Direct imaging of carbohydrates using electrospray ion beam deposition and scanning tunneling microscopy.
Glycans or carbohydrates are particularly challenging to characterize structurally. This is due to their complex and irregular branching patterns, highly flexible backbones, and different possibilities for stereochemistry at each glycosidic linkage. While direct imaging of various biomolecules has been feasible and routinely performed, structural characterization of glycans has relied on a combination of indirect measurements, such as mass spectrometry and nuclear magnetic resonance imaging. These methods provide an average measurement of structural features over multiple structures, or an ensemble. Direct imaging, by contrast, allows observation of characteristics of single isolated molecules.
Klaus Kern at the Max Planck Institute for Solid State Research, Stuttgart, Germany, and his former team member Stephan Rauschenbach, who now heads his own research group at Oxford, developed an approach using scanning tunneling microscopy (STM) in tandem with electrospray ion beam deposition (ES-IBD). The idea for isolating molecules by bringing them into the gas phase and then depositing them onto a surface for high-resolution imaging started with Rauschenbach’s doctoral work with Kern, more than a decade ago, and Rauschenbach and Kern still work closely. Kern explains that the instrument that they built for the purpose “essentially brings the world of mass spectrometry, surface science and high-resolution imaging together.”

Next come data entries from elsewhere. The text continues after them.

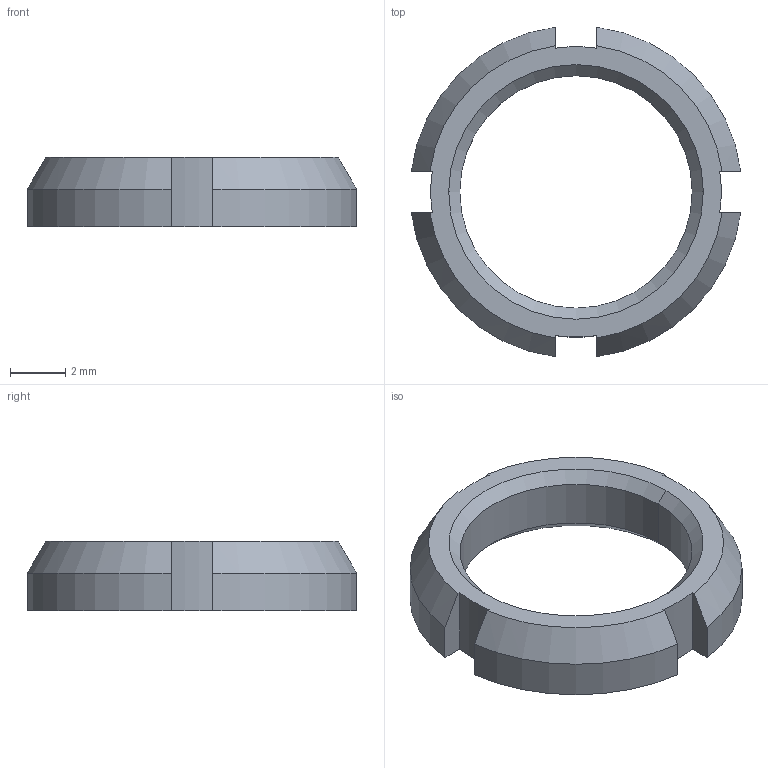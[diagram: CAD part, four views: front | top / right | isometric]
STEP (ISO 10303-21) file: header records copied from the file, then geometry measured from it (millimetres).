
FILE_DESCRIPTION((''),'2;1');
FILE_NAME('LEMO_ECP.0S.302.CLN_Part2.stp','2013-03-20T13:11:41',(''),(''),'Mechanical Desktop 2011','Mechanical Desktop 2011',', , ');
FILE_SCHEMA(('AUTOMOTIVE_DESIGN { 1 2 10303 214 1 1 1 1 }'));
Length unit declared in the file: millimetre
Products named in the file (1): Product
Bounding box: 11.91 x 11.91 x 2.5 mm (x, y, z)
Volume: 117 mm3; surface area: 249.9 mm2
Topology: 1 solids, 1 shells, 28 faces, 74 edges, 48 vertices
Faces by surface type: bspline 18, plane 10
Entity records: 1149 total; most frequent: CARTESIAN_POINT 473, ORIENTED_EDGE 148, DIRECTION 116, EDGE_CURVE 74, VERTEX_POINT 48, AXIS2_PLACEMENT_3D 39, VECTOR 38, LINE 38
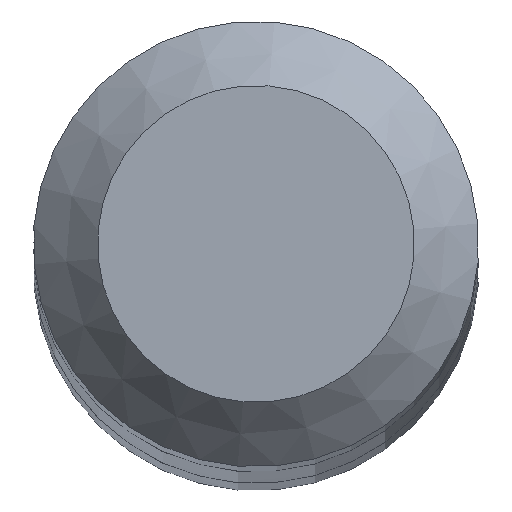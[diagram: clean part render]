
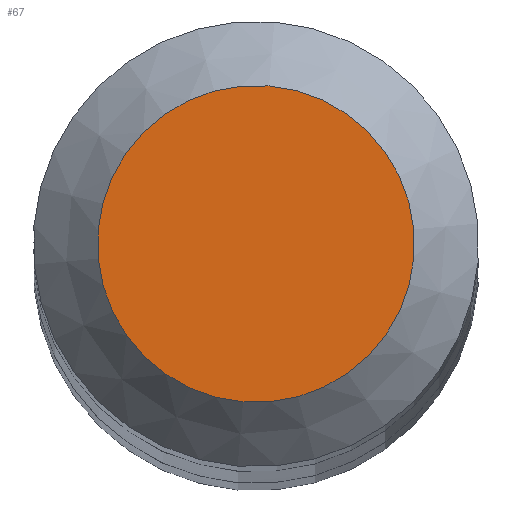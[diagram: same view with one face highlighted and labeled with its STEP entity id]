
A CAD part, top view. The second image highlights one B-rep face of the part: STEP entity #67.
In plain terms, the highlighted planar face has unit normal (0, 0, 1).
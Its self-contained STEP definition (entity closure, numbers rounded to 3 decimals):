
#67=ADVANCED_FACE('',(#74),#71,.F.);
#71=PLANE('',#174);
#74=FACE_OUTER_BOUND('',#88,.T.);
#88=EDGE_LOOP('',(#102));
#102=ORIENTED_EDGE('',*,*,#118,.T.);
#111=VERTEX_POINT('',#248);
#118=EDGE_CURVE('',#111,#111,#125,.T.);
#125=CIRCLE('',#172,2.845);
#172=AXIS2_PLACEMENT_3D('',#247,#208,#209);
#174=AXIS2_PLACEMENT_3D('',#250,#212,#213);
#208=DIRECTION('',(0.,0.,1.));
#209=DIRECTION('',(0.704,0.711,0.));
#212=DIRECTION('',(0.,0.,-1.));
#213=DIRECTION('',(-0.704,-0.711,0.));
#247=CARTESIAN_POINT('',(0.,0.,0.));
#248=CARTESIAN_POINT('',(2.002,2.022,0.));
#250=CARTESIAN_POINT('',(-2.022,2.002,0.));

Once you inject the sample, the instrument ionizes it, separates the components on the basis of mass and selectively brings the molecule of interest into an ultrahigh vacuum environment, reducing the pressure by 13 orders of magnitude. The approach also requires cryogenic temperatures to keep the molecules isolated by suppressing diffusion and conformational changes, before soft deposition on a surface devoid of impurities. This is followed by imaging using STM.
The researchers have previously imaged molecules including proteins, peptides and dyes, but extending the approach to glycans involved some unique challenges. They collaborated with the research group of Peter Seeberger, at the Max Planck Institute for Colloids and Interfaces, Potsdam, Germany, which has mastered the carbohydrate synthesis process. Seeberger provided a variety of diverse glycans for these experiments, as well as the expertise needed to tailor the method to work with glycans. Electrospray ionization of glycans is done in negative mode, in contrast to the more common positive ion mode that is used for most other biomolecules like proteins and peptides, explains Rauschenbach. He also adds that glycans are not very interactive, so they used a ‘sticky’ copper surface, which tends to be more prone to contamination, also promoted by the low temperature used here. Given the sheer number of steps involved in the experimental setup, “it is crucial to hone every aspect of the process and make it work perfectly,” says Rauschenbach.
In their recent publication, linear glycans with different lengths show up as distinctly observable protrusions, corresponding to the correct number of monosaccharide units, separated by distances that match known glycosidic bond lengths. The heights of various monosaccharides vary depending on the conformation adopted by them. Isomers are also observed clearly, with unambiguous identification of the branching points. More complex glycans were also unmistakably identified (see image). “It was not clear if we would be able to see this. I was confident that we would see single molecules [rings] but we had no idea that we could even look at the bonding, so that we could even discriminate how they bond. So, for us it was really cool that we could identify these tiny differences,” says Kern.
The setup is one of a kind – no other facilities are believed to exist at the moment that are capable of doing the exact same experiments. However, other groups are picking up the method. The driving force behind such collaborative multiscale projects is finding the right group of people. “You need someone who is interested in biology on one hand and in solid state physics on the other — a unique mix that you don’t find everywhere,” Rauschenbach points out. It took the researchers ten years to build and perfect the instrument, but as the applications get broader and the demand increases, there may be a possibility of commercialization.
In the meanwhile, a variety of more complex experiments are being performed and are planned for the future. The method is being employed to explore the conformational space of glycans by changing the collision energy before the deposition step, allowing molecules to adopt conformations of increasing energy. There is also the possibility of being able to extract specific glycans from a mixture using the mass-filtered deposition capability of ES-IBD. Another idea is to look at the interactions involving single glycan molecules directly, such as interactions with water or ions. “Glycans are interesting because there are a lot of questions that you cannot answer by any other method, but when we look at single glycans it allows us really to see conformations and detailed interactions,” adds Kern.
Wu, X. et al. Imaging single glycans. Nature 582, 375–378 (2020).